Cuando el CEO se convierte en la marca
E
n los últimos años, a medida que Elon Musk se ha vuelto más franco y ha ganado visibilidad en el ámbito político, los observadores han debatido si su activismo ha dañado o fortalecido la marca Tesla. Algunos sostienen que Tesla ha alejado a los consumidores de izquierda que antes veían a la empresa como sinónimo de progreso liberal y compromiso con el clima. Otros argumentan que la postura de Musk ha atraído a compradores de derecha que antes consideraban que los vehículos eléctricos no encajaban con su cultura.
Con CEOs (desde Tim Cook en Apple hasta Marc Benioff en Salesforce) participando cada vez más en el activismo político, las empresas de distintos sectores enfrentan un dilema similar: cuando un líder se convierte en una figura políticamente polarizante, ¿cómo se evalúa el impacto en la marca y cuál es la mejor forma de actuar de cara al futuro?
Para analizar estas cuestiones, realizamos un estudio a gran escala con compradores de vehículos en Estados Unidos que simula decisiones de compra reales, obligando a los consumidores a hacer compensaciones entre marca, precio y características del producto.
Musk y la marca Tesla
La identidad de Tesla siempre ha estado ligada a su CEO. Musk era la imagen pública de la empresa, su principal narrador, visionario de producto y símbolo cultural. Durante años, esa visibilidad jugó a favor de Tesla, ayudando a convertir un vehículo eléctrico en un producto aspiracional.
Sin embargo, a partir de 2022, una serie de acciones altamente visibles cambiaron la forma en que se percibía a Musk (y, por ende, cómo se interpretaba a Tesla). Su adquisición de Twitter (ahora X) y sus comentarios partidistas en la plataforma lo involucraron en discursos polarizantes. Esto se intensificó con respaldo político y donaciones de campaña, culminando en un rol destacado en el gobierno (DOGE). Los medios no tardaron en reportar la insatisfacción de los consumidores con la postura política abierta de Musk. Algunos incluso colocaron calcomanías en sus vehículos Tesla con frases como: “Compré esto antes de que Elon se volviera loco” o “Eco-friendly, no Elon-friendly”.
El activismo de Musk contradecía las percepciones previas sobre él. En consecuencia, Tesla dejó de ser vista principalmente como una marca tecnológica. Se convirtió en un reflejo de las posturas políticas que Musk promovía.
A primera vista, la conclusión parece sencilla: la postura política de Musk ha dañado la marca. Las tendencias recientes de ventas reflejan este patrón: el crecimiento de Tesla se estancó en 2024, seguido de una caída del 8.5% en las entregas en 2025.
Esta bifurcación tiene implicaciones estratégicas. Si las señales políticas redistribuyen la demanda en lugar de eliminarla, es probable que los nuevos intentos de reposicionar la marca mediante cambios ideológicos produzcan efectos compensatorios: se ganarán algunos consumidores, pero se perderán otros. Una cuestión más relevante es si las empresas pueden influir en las decisiones de compra en estos segmentos cambiando la propuesta de valor subyacente.
Musk y Tesla en una encrucijada
Cuando una marca se polariza políticamente debido al activismo de su CEO, la empresa se enfrenta a tres caminos estratégicos principales de cara al futuro. Nuestro estudio ayuda a arrojar luz sobre la conveniencia de cada uno.

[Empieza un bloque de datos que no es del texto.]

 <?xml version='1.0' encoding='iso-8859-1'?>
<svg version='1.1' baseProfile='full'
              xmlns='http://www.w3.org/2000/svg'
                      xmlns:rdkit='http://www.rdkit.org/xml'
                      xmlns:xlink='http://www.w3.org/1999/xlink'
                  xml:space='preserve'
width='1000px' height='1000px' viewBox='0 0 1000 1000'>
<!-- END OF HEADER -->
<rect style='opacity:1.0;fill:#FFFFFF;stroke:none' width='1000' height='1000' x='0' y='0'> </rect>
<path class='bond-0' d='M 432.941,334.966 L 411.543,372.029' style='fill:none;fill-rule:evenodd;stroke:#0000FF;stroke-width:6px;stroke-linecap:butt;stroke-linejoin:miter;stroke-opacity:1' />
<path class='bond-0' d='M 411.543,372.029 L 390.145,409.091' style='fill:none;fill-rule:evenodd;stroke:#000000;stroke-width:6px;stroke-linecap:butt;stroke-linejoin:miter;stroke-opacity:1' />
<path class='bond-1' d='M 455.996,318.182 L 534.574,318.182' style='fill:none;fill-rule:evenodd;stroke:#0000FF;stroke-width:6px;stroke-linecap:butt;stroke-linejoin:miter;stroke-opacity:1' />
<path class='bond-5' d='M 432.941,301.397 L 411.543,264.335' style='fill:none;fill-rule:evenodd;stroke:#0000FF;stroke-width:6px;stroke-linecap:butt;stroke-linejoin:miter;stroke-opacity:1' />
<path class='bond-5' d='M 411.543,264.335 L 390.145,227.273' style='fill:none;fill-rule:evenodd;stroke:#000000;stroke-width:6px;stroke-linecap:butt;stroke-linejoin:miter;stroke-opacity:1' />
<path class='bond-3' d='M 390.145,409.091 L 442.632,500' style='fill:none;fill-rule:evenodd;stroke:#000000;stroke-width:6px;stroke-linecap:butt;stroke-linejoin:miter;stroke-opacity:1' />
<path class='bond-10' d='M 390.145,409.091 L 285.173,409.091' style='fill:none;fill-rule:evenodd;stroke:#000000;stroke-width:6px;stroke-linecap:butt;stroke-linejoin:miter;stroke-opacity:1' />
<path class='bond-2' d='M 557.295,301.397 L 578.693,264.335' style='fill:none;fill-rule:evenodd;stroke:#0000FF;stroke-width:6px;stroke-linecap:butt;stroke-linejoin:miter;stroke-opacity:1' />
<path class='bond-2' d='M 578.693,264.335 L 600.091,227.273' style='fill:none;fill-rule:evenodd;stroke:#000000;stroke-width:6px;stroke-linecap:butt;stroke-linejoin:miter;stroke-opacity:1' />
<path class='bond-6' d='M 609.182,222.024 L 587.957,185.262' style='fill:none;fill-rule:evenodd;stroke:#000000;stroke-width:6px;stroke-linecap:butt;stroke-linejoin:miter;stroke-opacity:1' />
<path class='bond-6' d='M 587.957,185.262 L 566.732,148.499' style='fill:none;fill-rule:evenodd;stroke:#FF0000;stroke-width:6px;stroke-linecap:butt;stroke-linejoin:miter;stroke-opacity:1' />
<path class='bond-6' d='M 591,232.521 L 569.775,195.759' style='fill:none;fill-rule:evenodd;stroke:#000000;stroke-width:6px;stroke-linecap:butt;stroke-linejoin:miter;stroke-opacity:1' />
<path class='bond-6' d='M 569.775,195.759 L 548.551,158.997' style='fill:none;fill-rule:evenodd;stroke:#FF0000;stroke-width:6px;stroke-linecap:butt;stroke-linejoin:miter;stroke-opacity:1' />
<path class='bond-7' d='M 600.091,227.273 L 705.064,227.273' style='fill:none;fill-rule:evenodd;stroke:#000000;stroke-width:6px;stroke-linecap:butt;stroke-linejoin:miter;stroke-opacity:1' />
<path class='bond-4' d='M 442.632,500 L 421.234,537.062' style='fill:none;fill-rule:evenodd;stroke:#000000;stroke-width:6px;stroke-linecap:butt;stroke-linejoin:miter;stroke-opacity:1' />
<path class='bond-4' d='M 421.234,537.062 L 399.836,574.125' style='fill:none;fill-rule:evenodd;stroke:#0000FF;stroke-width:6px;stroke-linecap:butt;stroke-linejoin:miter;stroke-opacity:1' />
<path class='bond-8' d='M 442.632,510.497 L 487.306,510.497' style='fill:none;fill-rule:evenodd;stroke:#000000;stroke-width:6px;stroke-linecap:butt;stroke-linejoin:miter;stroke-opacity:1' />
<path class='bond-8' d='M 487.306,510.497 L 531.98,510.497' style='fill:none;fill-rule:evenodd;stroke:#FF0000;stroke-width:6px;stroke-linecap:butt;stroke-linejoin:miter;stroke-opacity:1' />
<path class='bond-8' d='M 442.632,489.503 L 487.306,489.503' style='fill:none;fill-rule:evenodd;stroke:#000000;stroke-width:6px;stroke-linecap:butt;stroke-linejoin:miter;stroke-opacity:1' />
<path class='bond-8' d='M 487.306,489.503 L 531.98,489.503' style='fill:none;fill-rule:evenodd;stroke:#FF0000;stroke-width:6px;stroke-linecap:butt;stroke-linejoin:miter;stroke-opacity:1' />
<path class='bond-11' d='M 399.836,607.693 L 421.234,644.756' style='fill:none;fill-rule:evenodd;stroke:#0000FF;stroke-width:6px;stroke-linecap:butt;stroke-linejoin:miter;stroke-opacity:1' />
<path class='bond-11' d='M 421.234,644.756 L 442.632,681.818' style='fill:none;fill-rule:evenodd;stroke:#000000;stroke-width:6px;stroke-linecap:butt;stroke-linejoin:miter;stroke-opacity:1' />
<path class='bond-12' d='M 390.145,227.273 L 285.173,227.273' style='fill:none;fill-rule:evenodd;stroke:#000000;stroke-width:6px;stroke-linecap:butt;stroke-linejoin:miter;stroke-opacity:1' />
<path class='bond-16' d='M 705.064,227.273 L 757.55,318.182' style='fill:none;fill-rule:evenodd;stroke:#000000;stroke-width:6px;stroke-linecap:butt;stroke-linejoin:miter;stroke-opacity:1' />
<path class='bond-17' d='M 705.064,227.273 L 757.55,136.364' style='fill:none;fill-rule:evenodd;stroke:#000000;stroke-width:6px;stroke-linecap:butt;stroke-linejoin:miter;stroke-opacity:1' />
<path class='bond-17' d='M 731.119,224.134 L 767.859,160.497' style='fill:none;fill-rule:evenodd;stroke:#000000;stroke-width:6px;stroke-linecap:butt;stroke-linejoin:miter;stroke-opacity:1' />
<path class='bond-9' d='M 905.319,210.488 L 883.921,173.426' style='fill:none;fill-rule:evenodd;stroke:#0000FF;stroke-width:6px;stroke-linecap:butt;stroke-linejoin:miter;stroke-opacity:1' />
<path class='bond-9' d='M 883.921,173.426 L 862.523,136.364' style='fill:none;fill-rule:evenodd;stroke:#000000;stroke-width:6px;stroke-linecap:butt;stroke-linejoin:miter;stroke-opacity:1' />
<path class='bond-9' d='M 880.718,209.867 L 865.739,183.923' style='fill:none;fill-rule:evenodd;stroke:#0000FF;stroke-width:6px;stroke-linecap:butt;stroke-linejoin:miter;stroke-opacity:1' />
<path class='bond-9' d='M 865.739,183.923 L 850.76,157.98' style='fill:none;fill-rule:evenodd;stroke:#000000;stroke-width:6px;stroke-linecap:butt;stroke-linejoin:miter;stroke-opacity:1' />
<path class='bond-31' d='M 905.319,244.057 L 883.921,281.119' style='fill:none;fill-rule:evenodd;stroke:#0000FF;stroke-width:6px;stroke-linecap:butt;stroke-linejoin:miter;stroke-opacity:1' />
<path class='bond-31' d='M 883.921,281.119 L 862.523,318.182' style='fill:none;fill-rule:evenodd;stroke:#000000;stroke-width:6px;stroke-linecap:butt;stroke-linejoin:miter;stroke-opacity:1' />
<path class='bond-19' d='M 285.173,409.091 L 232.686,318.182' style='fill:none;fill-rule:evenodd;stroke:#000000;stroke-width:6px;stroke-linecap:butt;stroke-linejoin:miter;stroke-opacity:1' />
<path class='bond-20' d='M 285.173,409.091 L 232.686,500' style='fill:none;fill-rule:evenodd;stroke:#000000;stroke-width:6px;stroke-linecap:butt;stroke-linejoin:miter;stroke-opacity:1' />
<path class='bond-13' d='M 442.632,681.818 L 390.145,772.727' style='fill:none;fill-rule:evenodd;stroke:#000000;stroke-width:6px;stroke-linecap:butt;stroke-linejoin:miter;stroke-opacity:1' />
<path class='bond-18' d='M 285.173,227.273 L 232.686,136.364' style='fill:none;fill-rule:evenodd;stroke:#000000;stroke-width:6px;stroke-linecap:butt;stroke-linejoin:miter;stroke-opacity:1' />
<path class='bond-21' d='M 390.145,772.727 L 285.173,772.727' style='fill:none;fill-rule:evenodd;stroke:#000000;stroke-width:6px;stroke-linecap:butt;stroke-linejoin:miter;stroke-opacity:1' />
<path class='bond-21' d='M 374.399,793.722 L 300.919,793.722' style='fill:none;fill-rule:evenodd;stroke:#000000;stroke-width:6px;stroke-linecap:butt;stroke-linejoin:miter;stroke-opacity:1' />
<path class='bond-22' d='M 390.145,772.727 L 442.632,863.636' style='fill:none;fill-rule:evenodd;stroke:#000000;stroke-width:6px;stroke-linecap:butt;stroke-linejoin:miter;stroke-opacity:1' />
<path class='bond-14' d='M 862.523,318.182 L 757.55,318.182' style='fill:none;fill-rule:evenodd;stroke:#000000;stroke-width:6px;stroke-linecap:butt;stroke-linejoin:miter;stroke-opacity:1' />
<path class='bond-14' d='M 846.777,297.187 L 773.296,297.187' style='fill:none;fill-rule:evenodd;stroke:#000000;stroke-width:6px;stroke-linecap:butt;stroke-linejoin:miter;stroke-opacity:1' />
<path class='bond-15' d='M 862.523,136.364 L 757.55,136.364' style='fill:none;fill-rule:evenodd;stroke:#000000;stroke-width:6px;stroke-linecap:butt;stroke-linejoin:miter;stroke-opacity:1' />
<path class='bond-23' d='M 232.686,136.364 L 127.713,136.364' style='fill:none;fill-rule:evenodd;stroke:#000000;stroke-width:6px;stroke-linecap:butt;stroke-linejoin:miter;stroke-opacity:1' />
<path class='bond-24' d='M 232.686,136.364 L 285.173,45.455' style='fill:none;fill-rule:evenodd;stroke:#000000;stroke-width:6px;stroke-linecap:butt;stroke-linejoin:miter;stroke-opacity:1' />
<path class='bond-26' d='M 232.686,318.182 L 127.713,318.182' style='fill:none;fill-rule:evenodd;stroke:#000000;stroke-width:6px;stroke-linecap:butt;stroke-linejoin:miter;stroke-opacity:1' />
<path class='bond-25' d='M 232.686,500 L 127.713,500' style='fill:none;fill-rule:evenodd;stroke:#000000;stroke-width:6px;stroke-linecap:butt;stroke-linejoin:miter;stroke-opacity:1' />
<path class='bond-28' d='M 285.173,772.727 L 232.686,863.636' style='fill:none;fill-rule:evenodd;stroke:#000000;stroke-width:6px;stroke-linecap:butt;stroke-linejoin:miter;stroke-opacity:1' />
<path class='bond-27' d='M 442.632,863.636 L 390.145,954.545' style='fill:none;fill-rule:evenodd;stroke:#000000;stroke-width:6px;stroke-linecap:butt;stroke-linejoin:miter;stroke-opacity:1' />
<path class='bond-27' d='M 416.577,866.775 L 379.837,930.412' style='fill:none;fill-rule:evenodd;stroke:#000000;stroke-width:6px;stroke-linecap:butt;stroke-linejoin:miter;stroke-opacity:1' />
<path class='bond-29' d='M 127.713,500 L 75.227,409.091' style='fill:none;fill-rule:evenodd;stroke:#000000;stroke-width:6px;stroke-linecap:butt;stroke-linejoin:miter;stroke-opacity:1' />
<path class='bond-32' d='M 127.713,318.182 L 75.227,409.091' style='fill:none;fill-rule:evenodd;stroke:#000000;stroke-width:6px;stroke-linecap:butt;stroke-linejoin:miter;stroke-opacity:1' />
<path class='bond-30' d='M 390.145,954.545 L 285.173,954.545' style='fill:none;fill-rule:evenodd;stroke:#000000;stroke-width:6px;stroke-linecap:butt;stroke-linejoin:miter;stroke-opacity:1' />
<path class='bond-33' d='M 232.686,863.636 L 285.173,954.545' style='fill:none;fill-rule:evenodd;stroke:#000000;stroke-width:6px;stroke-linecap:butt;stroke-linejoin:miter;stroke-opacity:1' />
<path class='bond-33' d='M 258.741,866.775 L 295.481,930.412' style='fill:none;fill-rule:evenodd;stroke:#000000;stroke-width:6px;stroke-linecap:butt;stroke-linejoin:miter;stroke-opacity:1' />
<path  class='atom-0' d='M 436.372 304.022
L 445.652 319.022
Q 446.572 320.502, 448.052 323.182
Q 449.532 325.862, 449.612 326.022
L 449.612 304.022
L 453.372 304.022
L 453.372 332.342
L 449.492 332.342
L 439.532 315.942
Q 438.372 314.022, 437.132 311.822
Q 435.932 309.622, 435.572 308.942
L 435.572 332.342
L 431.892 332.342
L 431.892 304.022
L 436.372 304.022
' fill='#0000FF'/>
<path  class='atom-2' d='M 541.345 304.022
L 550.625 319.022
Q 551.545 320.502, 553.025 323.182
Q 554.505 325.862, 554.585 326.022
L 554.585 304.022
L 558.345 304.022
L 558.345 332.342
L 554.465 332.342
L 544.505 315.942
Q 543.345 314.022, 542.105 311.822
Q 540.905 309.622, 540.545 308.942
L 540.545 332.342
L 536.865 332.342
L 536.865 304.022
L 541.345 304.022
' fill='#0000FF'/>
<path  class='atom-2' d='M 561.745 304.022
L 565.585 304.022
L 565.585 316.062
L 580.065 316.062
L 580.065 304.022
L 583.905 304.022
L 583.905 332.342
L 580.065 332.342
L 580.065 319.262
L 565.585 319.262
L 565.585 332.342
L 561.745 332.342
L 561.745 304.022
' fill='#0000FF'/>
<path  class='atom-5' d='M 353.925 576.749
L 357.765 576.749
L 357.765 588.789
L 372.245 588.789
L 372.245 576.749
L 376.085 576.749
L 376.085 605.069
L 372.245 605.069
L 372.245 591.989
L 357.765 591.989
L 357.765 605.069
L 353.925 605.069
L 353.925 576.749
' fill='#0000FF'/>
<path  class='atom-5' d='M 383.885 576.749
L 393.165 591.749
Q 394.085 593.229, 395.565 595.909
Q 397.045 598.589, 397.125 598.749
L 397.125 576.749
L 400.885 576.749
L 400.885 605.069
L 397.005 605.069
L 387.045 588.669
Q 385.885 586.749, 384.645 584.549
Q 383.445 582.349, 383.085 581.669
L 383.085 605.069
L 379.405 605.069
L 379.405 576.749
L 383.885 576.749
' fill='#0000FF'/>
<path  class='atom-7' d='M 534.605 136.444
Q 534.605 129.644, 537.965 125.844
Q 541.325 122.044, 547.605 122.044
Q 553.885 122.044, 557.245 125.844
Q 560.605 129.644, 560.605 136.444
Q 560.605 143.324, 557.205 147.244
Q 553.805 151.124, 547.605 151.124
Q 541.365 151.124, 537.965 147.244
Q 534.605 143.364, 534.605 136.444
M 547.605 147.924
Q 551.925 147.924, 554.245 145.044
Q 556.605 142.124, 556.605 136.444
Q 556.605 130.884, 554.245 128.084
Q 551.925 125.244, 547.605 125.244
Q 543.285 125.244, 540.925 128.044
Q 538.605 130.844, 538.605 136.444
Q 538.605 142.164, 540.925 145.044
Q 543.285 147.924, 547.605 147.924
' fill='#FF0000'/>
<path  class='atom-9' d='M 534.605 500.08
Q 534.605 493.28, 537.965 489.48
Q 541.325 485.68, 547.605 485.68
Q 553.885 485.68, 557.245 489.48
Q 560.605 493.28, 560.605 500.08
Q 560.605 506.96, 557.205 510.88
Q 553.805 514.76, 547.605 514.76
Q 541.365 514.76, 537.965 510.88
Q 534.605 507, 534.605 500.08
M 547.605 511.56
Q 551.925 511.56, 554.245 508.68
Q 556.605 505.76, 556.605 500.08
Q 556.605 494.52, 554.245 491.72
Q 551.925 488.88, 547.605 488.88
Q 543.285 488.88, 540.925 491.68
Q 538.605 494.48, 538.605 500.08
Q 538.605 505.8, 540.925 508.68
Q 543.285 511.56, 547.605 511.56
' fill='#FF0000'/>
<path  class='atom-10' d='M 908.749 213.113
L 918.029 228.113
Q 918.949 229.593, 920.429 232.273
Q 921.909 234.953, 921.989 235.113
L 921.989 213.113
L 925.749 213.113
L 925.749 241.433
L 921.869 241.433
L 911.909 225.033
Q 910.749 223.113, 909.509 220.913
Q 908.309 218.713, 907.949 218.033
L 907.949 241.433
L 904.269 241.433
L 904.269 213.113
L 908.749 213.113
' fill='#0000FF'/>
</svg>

- Revertir el rumbo político.
La marca puede intentar realinearse con su audiencia histórica. Esto requiere acciones creíbles y repetidas. Para lograrlo, Musk podría necesitar distanciarse públicamente de figuras políticas conservadoras y realinearse visiblemente con sectores liberales.
- Apostar por el cambio político.
Si los líderes de la empresa creen que el nuevo segmento alineado puede crecer y permitir precios premium, es posible adoptar una estrategia que refuerce la postura política reciente del CEO.
Musk podría considerar volver a la neutralidad o abstenerse del activismo. Sin embargo, este movimiento por sí solo difícilmente alteraría el statu quo, en el que Tesla, en términos generales, ha perdido terreno.
- Mejorar el rendimiento del producto.
Una tercera opción se basa en el producto, no en la política. En lugar de intentar recuperar ideológicamente a los consumidores que se han alejado de Tesla, o intensificar las señales conservadoras altamente visibles, la empresa debería considerar mejoras en el producto, particularmente aquellas relacionadas con el núcleo del rendimiento y la velocidad de carga de los vehículos eléctricos.
Una lección gerencial más amplia
El patrón que identificamos no es exclusivo de Tesla. Las empresas que se ven envueltas en controversias políticas a menudo han logrado mantener un desempeño sólido compitiendo en valor de producto más que en ideología.
Apple, por ejemplo, ha enfrentado escrutinio por las posturas públicas de su CEO Tim Cook sobre temas que van desde la privacidad hasta la igualdad social. Sin embargo, el crecimiento de la empresa se ha mantenido anclado en su sólido ecosistema de productos y en la innovación continua, más que en intentos de alinearse con segmentos políticos específicos.
Por el contrario, las empresas que se definen por señales políticas sin reforzar su propuesta de valor central pueden tener dificultades para recuperarse, especialmente cuando intentan gestionar la reacción negativa únicamente a través de mensajes.
La lección no es que las empresas deban evitar por completo la participación política. Más bien, cuando la polarización provoca efectos contradictorios en la percepción de la marca, las empresas deben replantear la continuidad de su activismo y, lo que es más importante, asegurarse de que sus productos y servicios ofrezcan un valor sólido.
Cómo afrontar la polarización impulsada por el CEO
Para los ejecutivos y juntas directivas que se enfrentan a situaciones con connotaciones políticas, la prioridad no es eliminar la polarización, sino gestionarla.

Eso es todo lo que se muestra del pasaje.